I want you to know that Jesus is God. God and Jesus are the same as one. (of course, holy spirit, too).
Lastly, I know I know!!!!! that some people would say...This person is nuts or weird......that's okay because they have not experienced it yet. God decided to use me of my experience because I was so angry about my deafness and I lost my parents and I blamed to God very badly. God heard me so He decided to use me so He knew that I will share my valuable experience with people. It's rare to have this happen so I am one of the rarest to have this experience.
Hope this story inspires you greatly!!
Last year, I found four scriptures from the Bible and I was so shocked. Let me share of the 4 scriptures......I'm so, so, soooooo happy to find this scriptures.

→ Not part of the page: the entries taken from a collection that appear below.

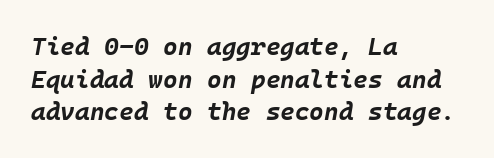
{"italic": "yes", "lean": "right", "slant_degrees": 10, "bold": "yes", "underline": "no", "align": "left", "line_spacing": "normal", "line_spacing_ratio": 1.31, "letter_spacing": "normal", "letter_spacing_em": 0.0, "glyph_px": 25}
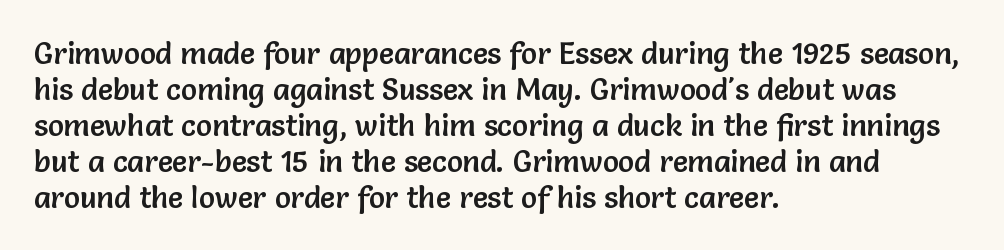
{"serif": "no", "italic": "no", "width": "normal", "stroke_contrast": "low", "x_height": "medium", "monospaced": "no", "underline": "no", "align": "left", "line_spacing_ratio": 1.2, "letter_spacing": "normal", "letter_spacing_em": 0.0, "glyph_px": 30}
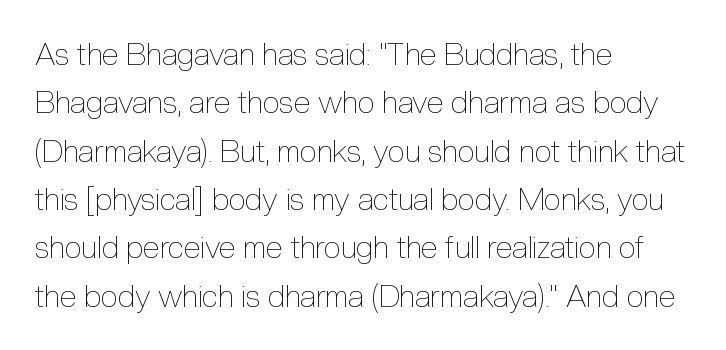
The image shows 31 px thin, condensed type, upright; set left-aligned, normal line spacing (1.56x), normal letter spacing, not underlined; a medium x-height.

Now, I have a HUGE faith in God. I always talk about God. God is so, very wonderful.
Exodus 4:11
"The Lord said to him, "Who makes a man able to talk? Who makes him unable to hear or speak? Who makes him able to see? Who makes him blind? It is I, the Lord."
John 9:1-3
"As Jesus went along, he saw a man who was blind. He had been blind since he was born. Jesus' disciples asked him, "Rabbi, who sinned? Was this man born blind because he sinned? Or did his parents sin?" "It isn't because this man sinned," said Jesus. "It isn't because his parents sinned. This happened so that God's work could be shown in his life."
Job 33:12-15
"But I'm telling you that you aren't right when you talk like that. After all, God is greater than a mere man. Why do you claim that God never answers any of our questions? He speaks on one way and then another. We might not even realize it. He might speak in a dream or in a vision at night."

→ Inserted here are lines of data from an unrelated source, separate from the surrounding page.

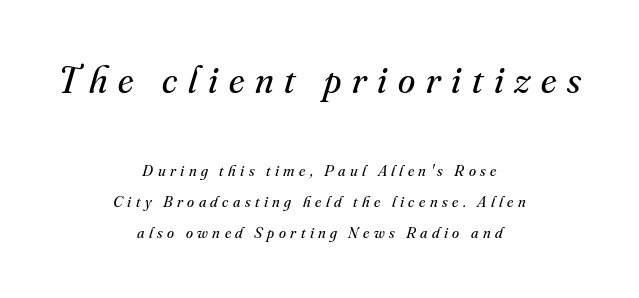
{"serif": "yes", "italic": "yes", "lean": "right", "slant_degrees": 16, "bold": "no", "weight": "regular", "width": "normal", "stroke_contrast": "medium", "x_height": "small", "monospaced": "no", "underline": "no", "align": "center", "line_spacing": "loose", "line_spacing_ratio": 1.93, "letter_spacing": "wide", "letter_spacing_em": 0.28, "larger_block": "first", "size_ratio": 2.44, "glyph_px": 39}
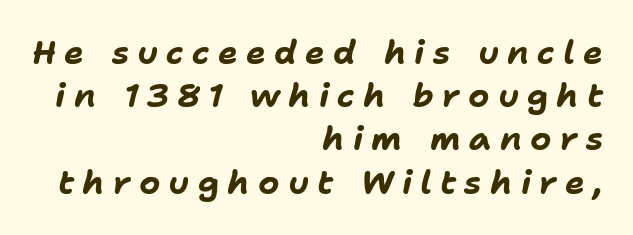
Q: Is the text bold? A: Yes.
Q: Is the text italic (slanted)? A: Yes, it leans right by about 11 degrees.
Q: Is the text underlined? A: No.
Q: How is the paragraph aligned? A: Right-aligned.
Q: Is the spacing between letters normal or unusually wide? A: Unusually wide.
Q: Is the spacing between lines tight, normal or loose? A: Normal.
Q: Width (condensed, normal, or wide)? A: Normal.
Q: Stroke contrast? A: Low.
Q: x-height? A: Medium.
Q: Monospaced? A: No.

(It matched to my experience - I said, "I never got God's answers, God is fake like Santa Claus, had a dream with Jesus/God that God talked to me while I was sleeping and had a dream with Him. God was not pleased with my bad words that I said to God.)
Leviticus 19:14
"Do not call a curse down on deaf people. Do not put anything in front of blind people that will make them trip. Instead, have respect for me. I am the LORD, your God."